The First Circuit, in United States v. Sharpe, 452 F.2d 1117, 464 F.2d at 120. (1st Cir. 1971), was also concerned with a conviction of receiving or possessing certain goods stolen from an interstate railroad shipment in violation of 18 U.S.C. § 659. In answering the Milanovich argument the court stated, by way of dictum:
"Moreover, there is nothing inconsistent in being involved in the theft and being guilty of possession of stolen goods. Since the defendant was not indicted for theft and was convicted only of possession, we need not reach the more difficult question of whether convicting a person of both theft and possession would be impermissible because it would result in pyramiding penalties for a single act." (452 F.2d at 1119) (Emphasis added.)
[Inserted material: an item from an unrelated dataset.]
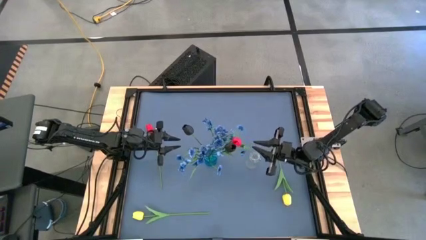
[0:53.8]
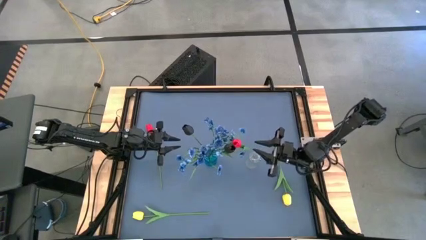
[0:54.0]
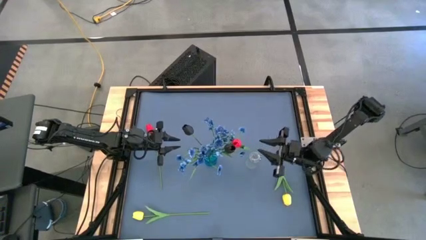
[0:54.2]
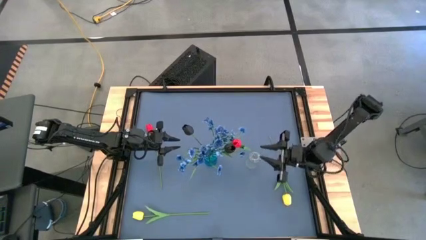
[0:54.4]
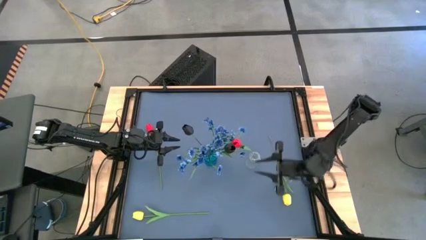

Since both words, stealing and possessing, are ingredients of one compound transaction, they are severable and connote entirely different meanings, including their dictionary meanings, and do not have, as Mr. Justice Frankfurter said in dissenting in Milanovich, the same merging quality as in stealing and receiving. He said there:
"In short, taking and receiving, as a contemporaneous-indeed a coincidental-phenomenon, constitute one transaction in life and, therefore, not two transactions in law." 365 U.S. at 558, 81 S. Ct. at 732.
We had occasion also in United States v. Le Pera, 443 F.2d 810 (9th Cir. 1971), to distinguish the Milanovich rule on an appeal from a conviction of aiding and abetting counterfeiting and conspiring to commit counterfeiting, by saying:
"The appellant's reliance upon Prince v. United States, 352 U.S. 322, 77 S. Ct. 403, 1 L. Ed. 2d 370 (1957), and Milanovich v. United States, 365 U.S. 551, 81 S. Ct. 728, 5 L. Ed. 2d 773 (1961), is misplaced, for they prohibit the pyramiding of punishment in the way of consecutive sentences on two or more convictions for the same act or transaction." 443 F.2d at 813.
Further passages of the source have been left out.